Mullah: Es ist eine Zeile von Red Tape Parade, weil ich diese in letzter Zeit sehr oft gelesen habe: „I’ve got an ocean in my head. But my mouth is a desert and I cannot make it rain.“ Es geht momentan viel in unseren Köpfen vor und man weiß nicht, wie man das jemanden erklären soll.
Mein Problem ist, dass ich ziemlich viel arbeite und ich mich damit ablenke. Aber du kannst keinem Menschen sagen, was du gerade denkst oder fühlst, weil du es einfach nicht schaffst es so zu erklären, wie du es gerade meinst.

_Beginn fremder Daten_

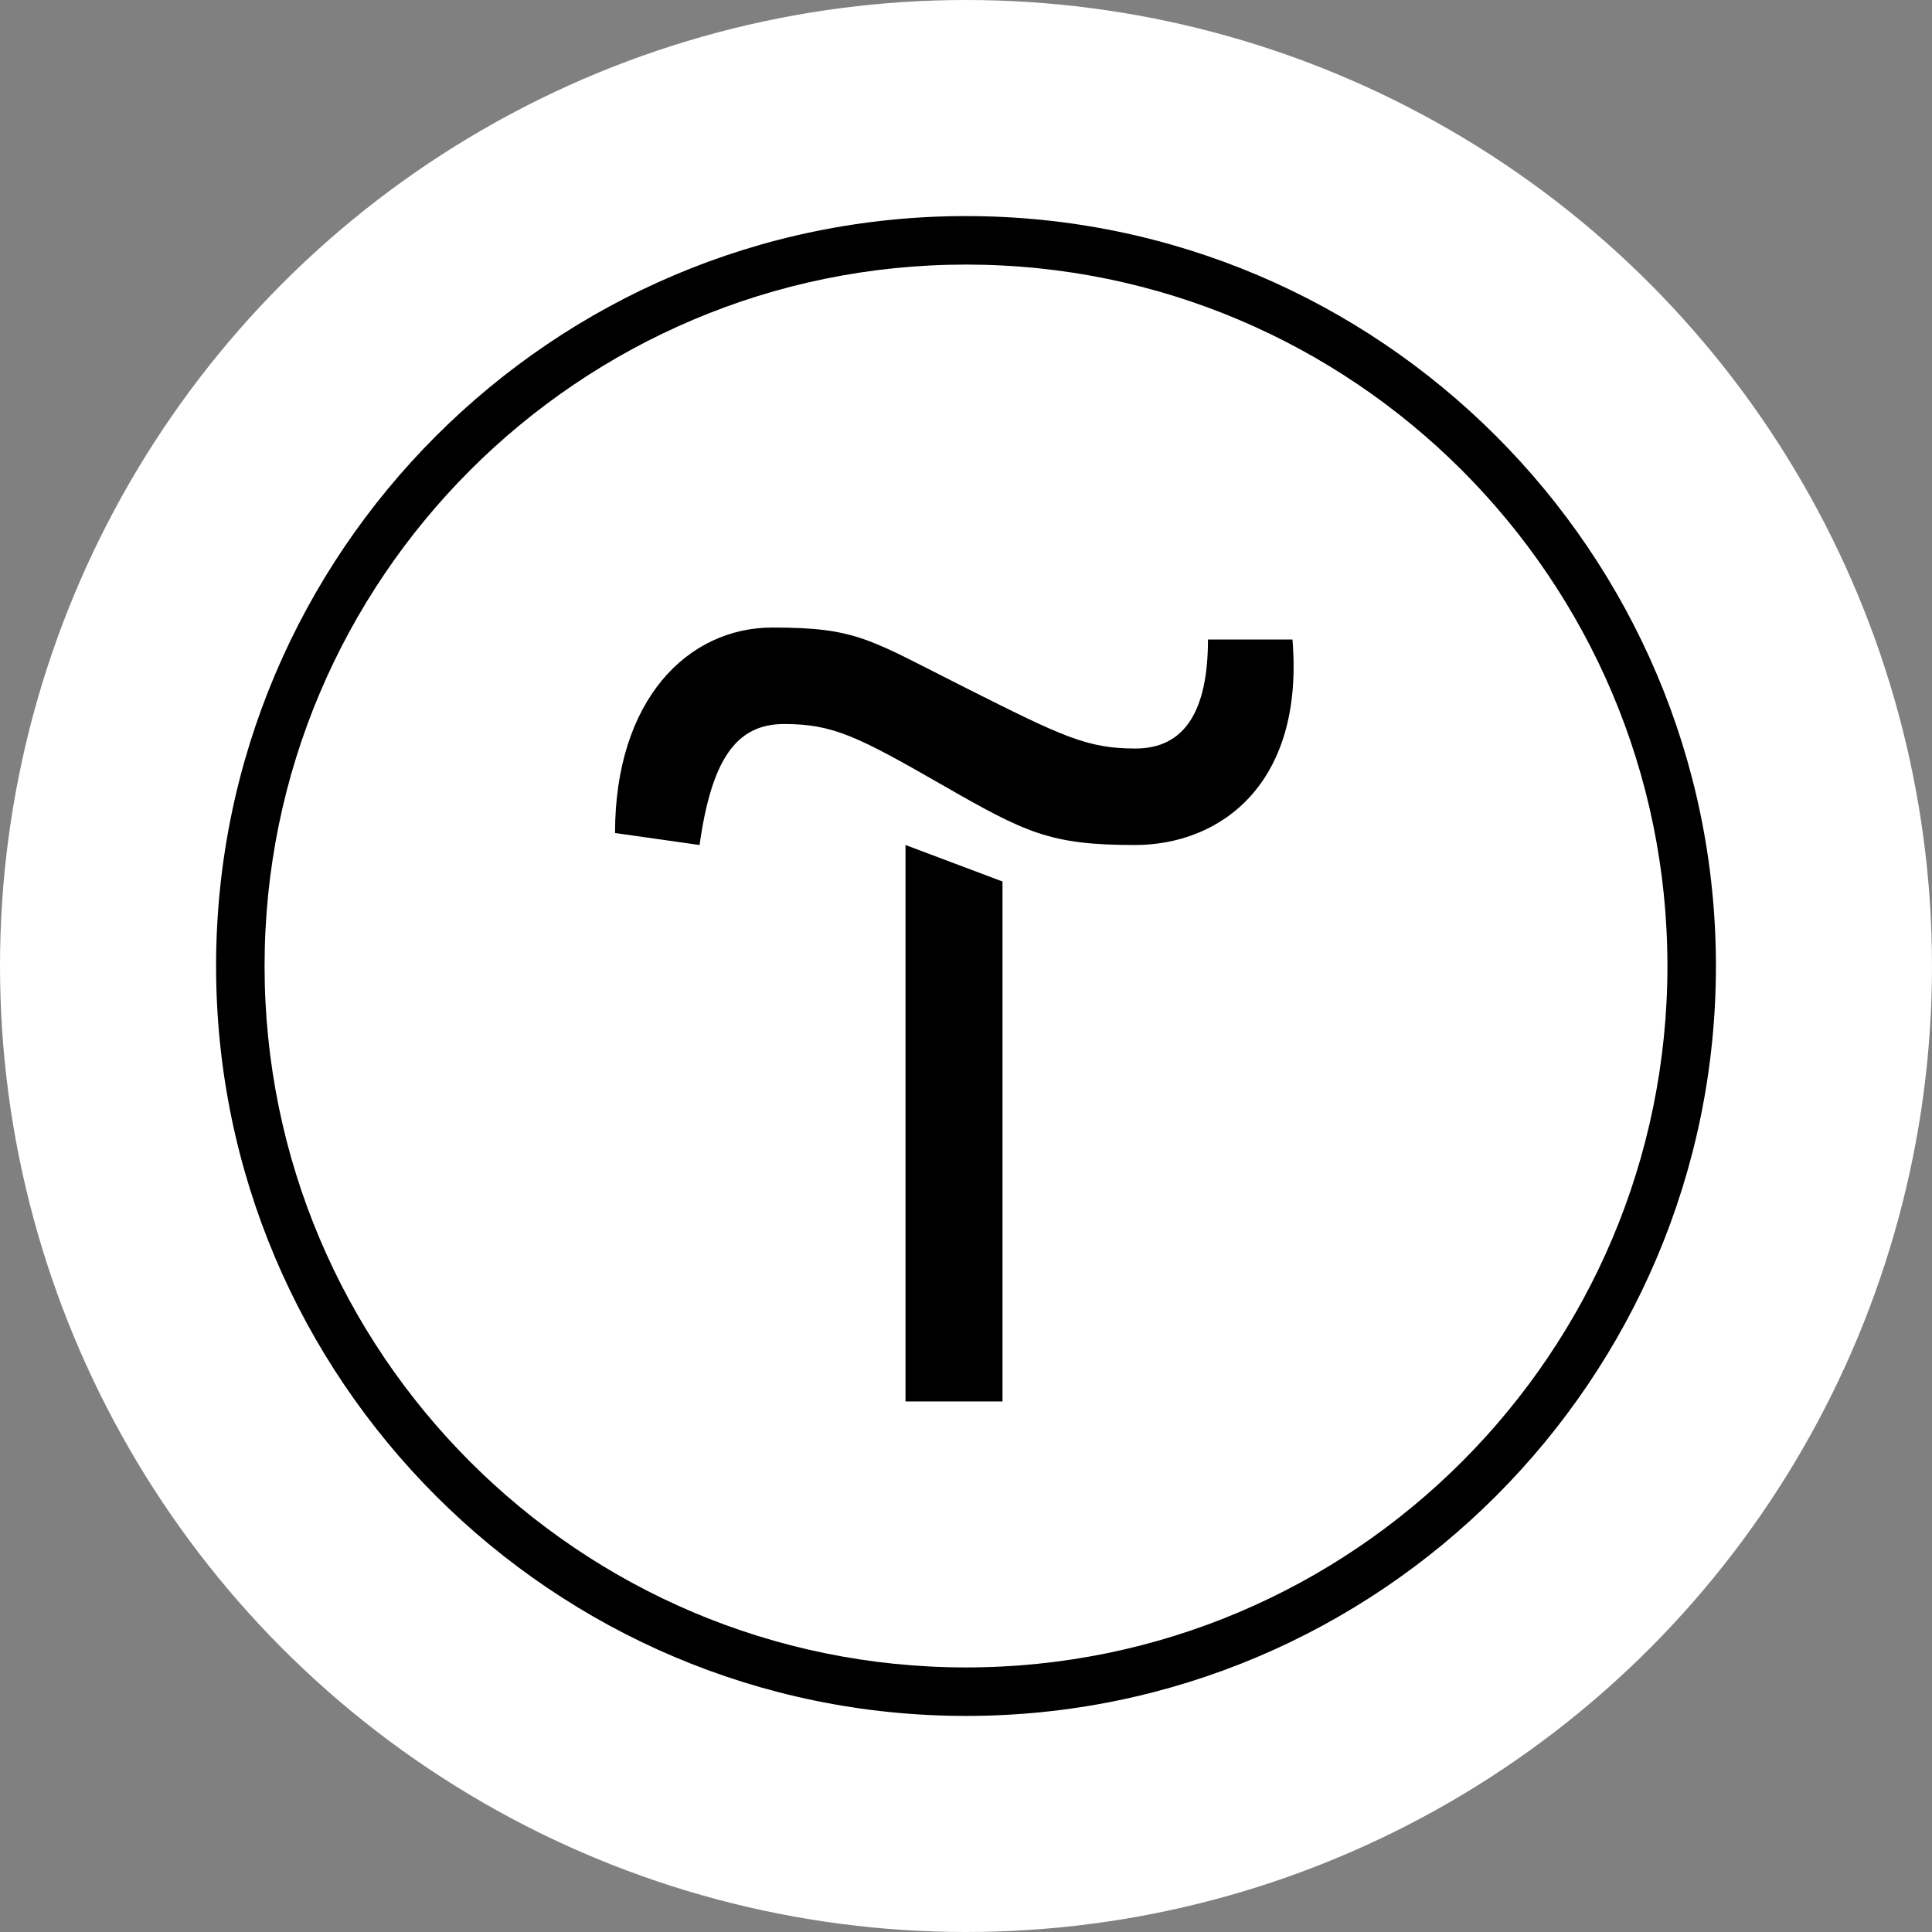 <?xml version="1.0" encoding="UTF-8"?> <svg xmlns="http://www.w3.org/2000/svg" width="152" height="152" viewBox="0 0 152 152" fill="none"><rect x="0" y="0" width="152" height="152" fill="#808080" stroke="none"/><circle cx="76" cy="76" r="76" fill="white"></circle><path d="M78.871 69.352V110.259H71.241V66.481L78.871 69.352Z" fill="black"></path><path d="M48.388 65.537C48.388 55.074 54.092 49.371 60.778 49.371C67.465 49.371 68.409 50.315 76 54.13C83.591 57.946 85.519 58.89 89.334 58.89C93.15 58.89 95.037 56.018 95.037 50.315H101.685C102.629 61.722 95.981 66.481 89.295 66.481C82.608 66.481 80.72 65.537 74.073 61.722C67.425 57.906 65.498 56.962 61.683 56.962C57.867 56.962 55.98 59.834 55.035 66.481L48.388 65.537Z" fill="black"></path><path d="M76 135C43.471 135 17 108.529 17 76C17 43.471 43.471 17 76 17C108.529 17 135 43.471 135 76C135 108.529 108.529 135 76 135ZM76 20.815C45.556 20.815 20.815 45.556 20.815 76C20.815 106.444 45.556 131.185 76 131.185C106.444 131.185 131.185 106.444 131.185 76C131.185 45.556 106.444 20.815 76 20.815Z" fill="black"></path></svg>

Mit den anderen Jungs aus der Band ist es Gott sei Dank meist so: du musst nicht darüber reden. Man versteht sich auch so, ohne dass man es in Worte fassen muss.
Hannes: „I’ve got an ocean in my head. But my mouth is a desert and I cannot make it rain.” Das ist eine Zeile, die mich schon eine längere Zeit begleitet und immer wieder sehr gut auf mich zutrifft.
Wann bist du Wauz zum ersten Mal begegnet und welchen Eindruck hinterließ er bei dir?
Mullah: Wauz bin ich zum ersten Mal im Stattbahnhof Schweinfurt begegnet. Das war im Jahr 2000. Wenn du Oise bereits im Interview hattest, dann dürfte er die Geschichte schon erzählt haben: Wir haben da mit unserer alten Band gespielt. Wie das immer so ist schaut man sich teilweise die Soundchecks an. Plötzlich kamen da welche auf die Bühne, die fast alle Shirts von AFI trugen. Wir haben uns die ganze Zeit gedacht: Was sind das nun wieder für Vögel? Das war nicht böse gemeint, eher Scherzhaft.
Aber das war das erste Mal, dass ich den Wauz gesehen habe. Ich habe ihn dann aber schnell wieder vergessen, weil wir nichts weiter miteinander zu tun hatten.
2007 meinte Oise, dass Wauz zu uns in die Band kommt.
„Wauz? Kenne ich nicht!“
„Erinnerst du dich noch an den AFI-Typen von der einen Band?“
Da war mein Gedanke: Oh mein Gott- was wird jetzt auf uns zukommen?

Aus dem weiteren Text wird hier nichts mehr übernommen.